14. Kesempatan

3.6K 204 4
                                    

Enjoy Reading..

Dimaz terus-terusan memelukku sampai kami berada di tempat tidur. Kadang bingung juga sih, apa yang ngidam itu Dimaz ya? Tapi, masa iya cowok bisa ngidam juga. Nanti aku bakal coba tanya ke Bunda. Eh Bunda udah tau belum ya kalau aku hamil? Julian juga. Pokoknya semua orang harus tau kalau sebentar lagi aku akan jadi seorang ibu.

"Sayang, kamu udah tidur?" posisi Dimaz yang wajahnya ada di atas kepalaku tak memungkinkan dia untuk tau apakah aku sudah tidur atau belum.

"Belum.
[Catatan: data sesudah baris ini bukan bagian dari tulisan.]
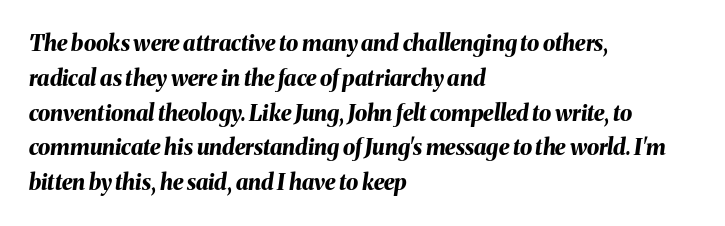
Q: Is the text bold? A: Yes.
Q: Is the text italic (slanted)? A: Yes, it leans right by about 8 degrees.
Q: Is the text underlined? A: No.
Q: How is the paragraph aligned? A: Left-aligned.
Q: Is the spacing between letters normal or unusually wide? A: Normal.
Q: Is the spacing between lines tight, normal or loose? A: Normal.
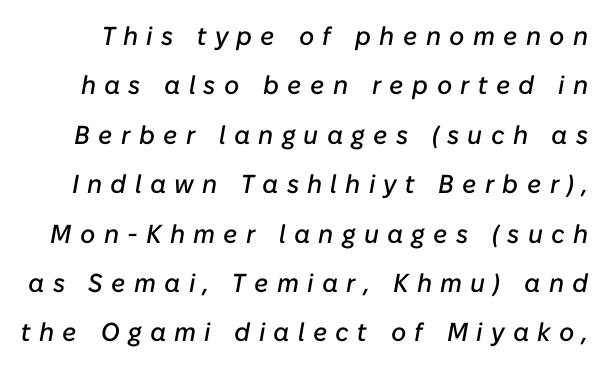
The image shows 26 px text type, italic (leaning right); set loose line spacing (1.9x), unusually wide letter spacing (+0.32 em), not underlined.
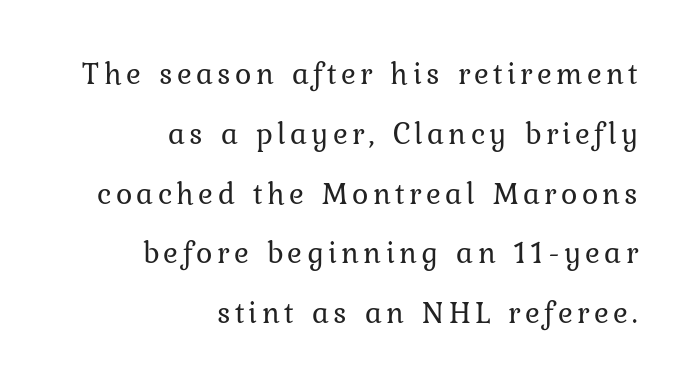
{"serif": "yes", "italic": "no", "bold": "no", "weight": "regular", "width": "normal", "stroke_contrast": "low", "x_height": "medium", "monospaced": "no", "underline": "no", "align": "right", "line_spacing": "loose", "line_spacing_ratio": 1.93, "glyph_px": 31}
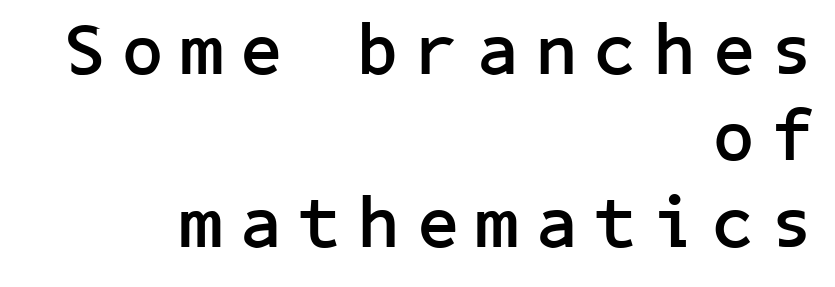
The image shows 72 px semibold sans-serif type, upright; set right-aligned, line spacing 1.2x, unusually wide letter spacing (+0.25 em), not underlined; low stroke contrast and a medium x-height.
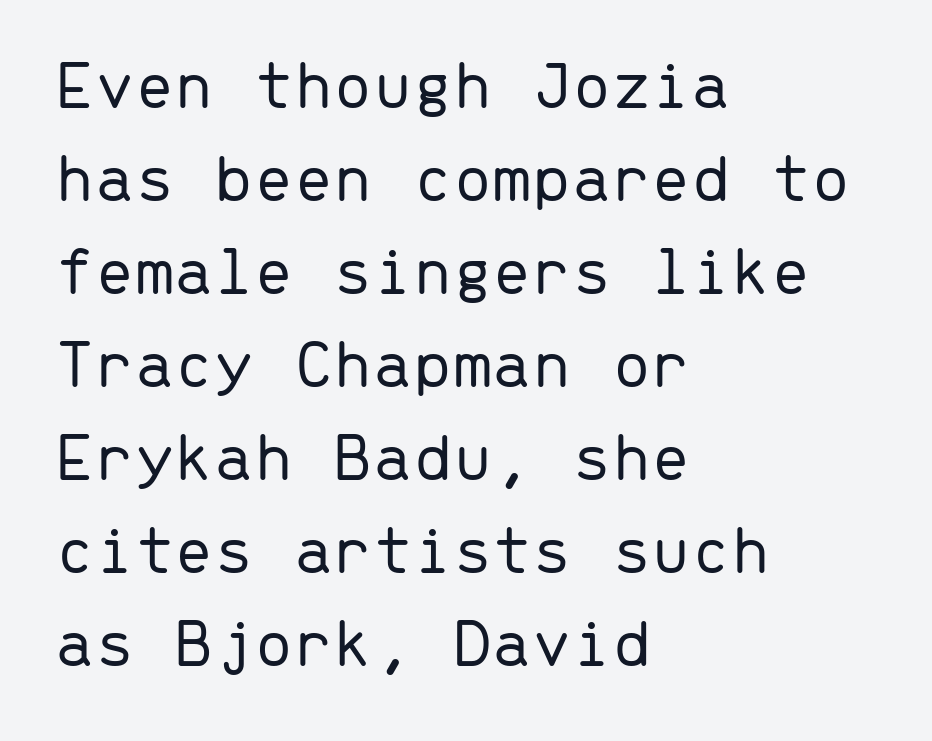
{"serif": "no", "italic": "no", "bold": "no", "weight": "light", "width": "normal", "stroke_contrast": "low", "x_height": "medium", "monospaced": "yes", "underline": "no", "align": "left", "line_spacing": "normal", "line_spacing_ratio": 1.31, "letter_spacing": "normal", "letter_spacing_em": 0.0, "glyph_px": 71}

Kenapa?" aku mendengakkan kepala agar melihat wajah Dimaz yang masih memerah bekas nangis.

"Besok mau ke makam Mama?" tanyanya yang hampir aja bikin aku mendorong tubuhnya karena terlalu kaget.

Tanganku kembali mengusap pipinya. Mungkin ini adalah tempat favoritku yang ada di tubuhnya. "Aku mau banget."

"Yaudah besok siang, pulang kuliah aku bakal ajak kamu ke makam Mama, sekalian bilang ke Bunda kalau kamu udah hamil. Testpack yang dikasih Bunda kamu simpen aja, buat jaga-jaga siapa tau abis baby kita yang ini lahir kamu bakal hamil lagi." Dimaz mengambil tanganku dan menciumnya berkali-kali. "Aku cinta banget sama kamu, Arkaia Rianti." imbuhnya sambil berbisik di telingaku.

Bikin geli.

"Udah ah, aku ngantuk mau tidur, Maz." aku memunggunginya karena gak kuat nahan gelenyar aneh yang ada ditubuhku. Hari ini Dimaz aneh bin ajaib.

Bukannya diam, Dimaz malah menarikku lagi ke dalam pelukannya. "Malam ini, kamu hadep ke aku dong tidurnya."

Kami berdua menikmati pelukan hangat sebelum tidur ini, meskupun aku gak pungkiri kalau ada sesuatu yang memberontakku untuk terus menjauhinya.

"Kaia." panggil Dikaz lembut.

"Hmm."

"Mulai besok panggil aku sayang dong."

DUBRAK

Masih mikirin hal lain aja ini bocah. Males jawab, aku hanya diam sambil mencari posisi nyaman untuk tidur dalam pelukannya.

Ya Tuhan, tolonglah satukan perasaanku padanya. Jangan biarkan sebagian hatiku memaksaku untuk membenci ayah dari anakku ini ya Tuhan. Ucapku tulus dalam hati sebelum akhirnya ikut tertidur bersama Dimaz dengan dengkuran halusnya.
.
.
.
Pagi harinya aku merasakan pusing yang amat sangat. Muntah-muntah segala lagi. Dulu kayaknya mbak Maya gak segininya deh. Dimaz juga tadi pagi ngotot banget gak mau pergi ke kampus soalnya dia bilang mau fokus jagain aku. Aku sih dijagain Dimaz ogah banget. Yang ada aku pasti yang jagain dia.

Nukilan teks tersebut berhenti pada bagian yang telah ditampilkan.